麺劇場 玄瑛』、店は舞台でお客様は観客、メニューは演目。月に1度、常連の方だけに知らされる創作麺は、短い期間の隠し芸。よほどの金持ちか変人(哲学者?)でなければ、こんなに手が込んだことを1年、2年とやり続けられるわけがない。

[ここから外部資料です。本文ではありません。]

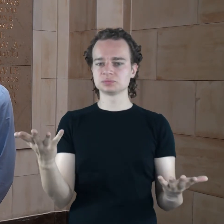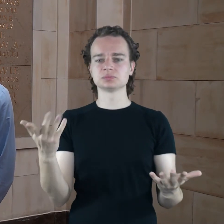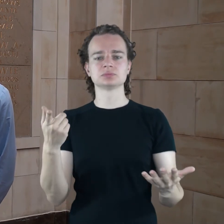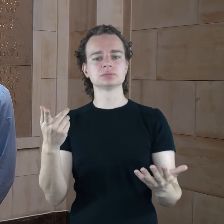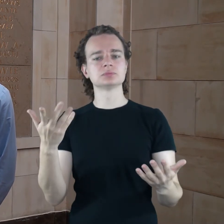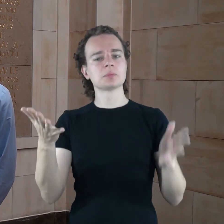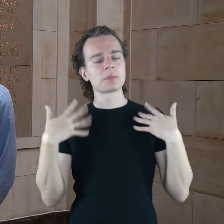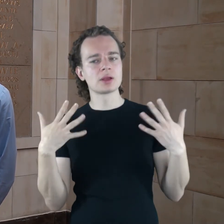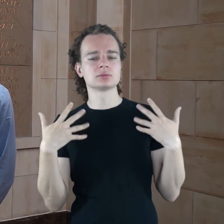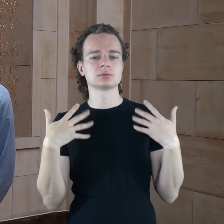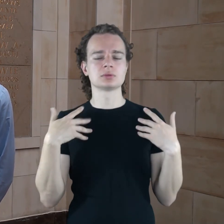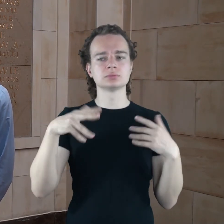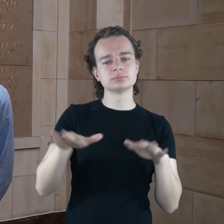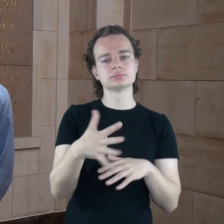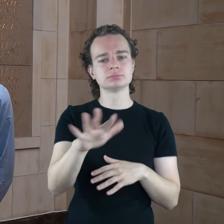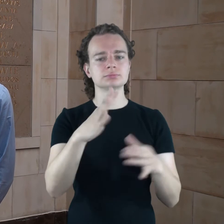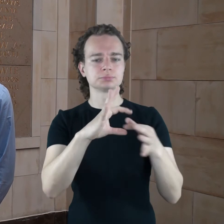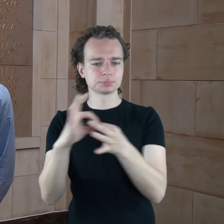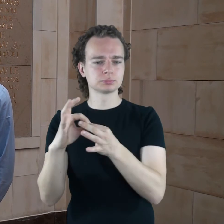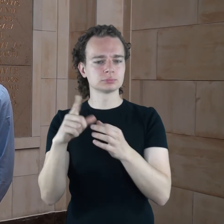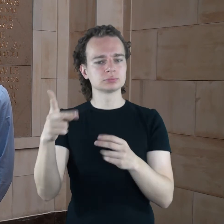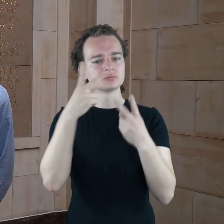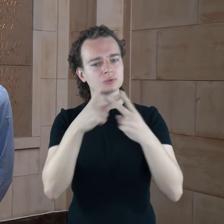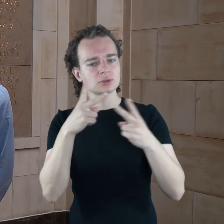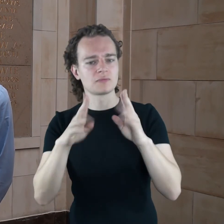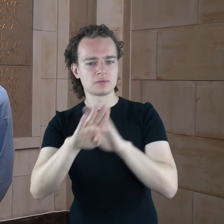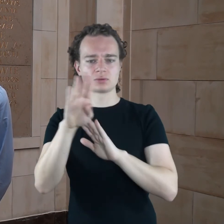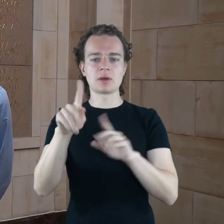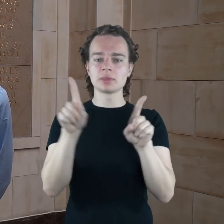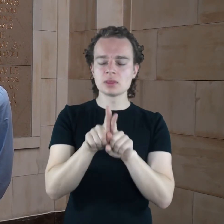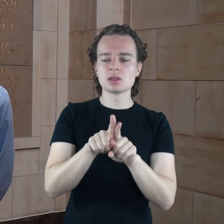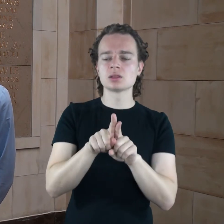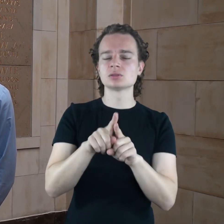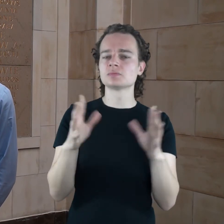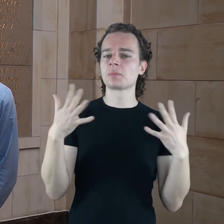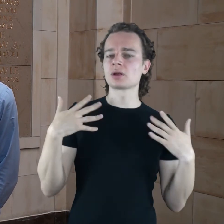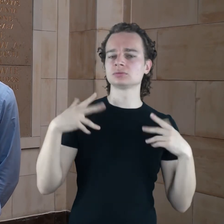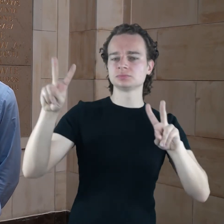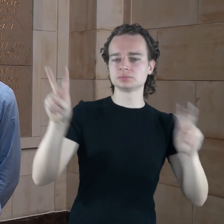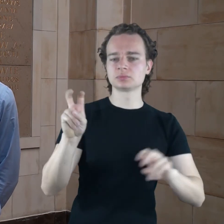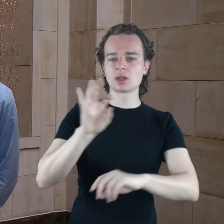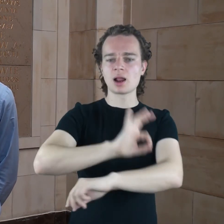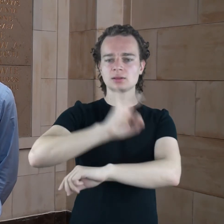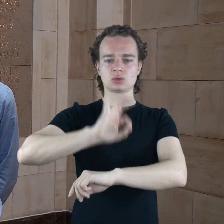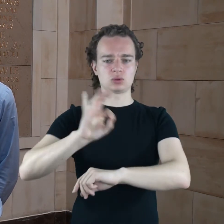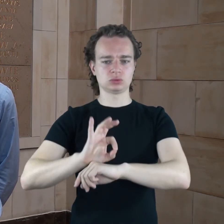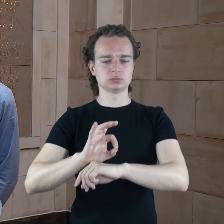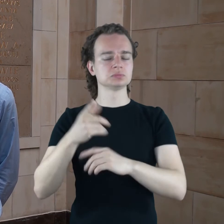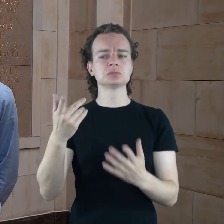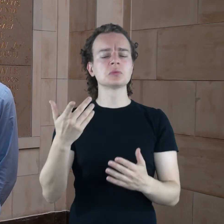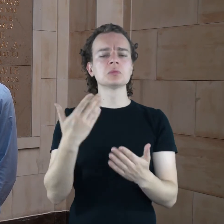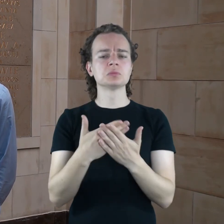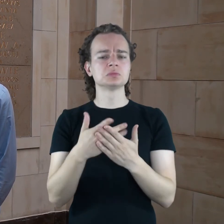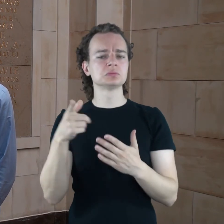został ten gmach otwarty dla publiczności. I z tej okazji będą przewidziane są specjalne

店主は開店以来、1日も休まず檜舞台に立ち続ける。これまでも、おそらくこれからも、試行錯誤と葛藤は繰り返されるだろう。そうやって練り込んだ分だけ、味わいは深くなる。どこにもない、誰も真似のできない空間で味わう玄瑛のラーメン。通好みの店である。



麺劇場 玄瑛
住所:福岡市中央区薬院2-16-3
TEL:092-732-6100
定休日:なし
営業時間:月~土11:30~14:00、18:00~翌1:00
日・祝11:30~22:00
売切次第終了

入江 瑛起さん

麺劇場 玄瑛
店主
入江 瑛起さん
IRIE HIDEKI

1972年、熊本県菊鹿町に生まれる。興信所勤めをしていた20代前半、たまたま出会ったオヤジの生き方に惹かれ、ラーメン屋を志す。『ラーメン天和』に て5年修業し、2001年4月、福岡県宮田町にラーメン店『玄黄』を開店。2003年11月『麺劇場 玄瑛』をオープンし、今日に至る。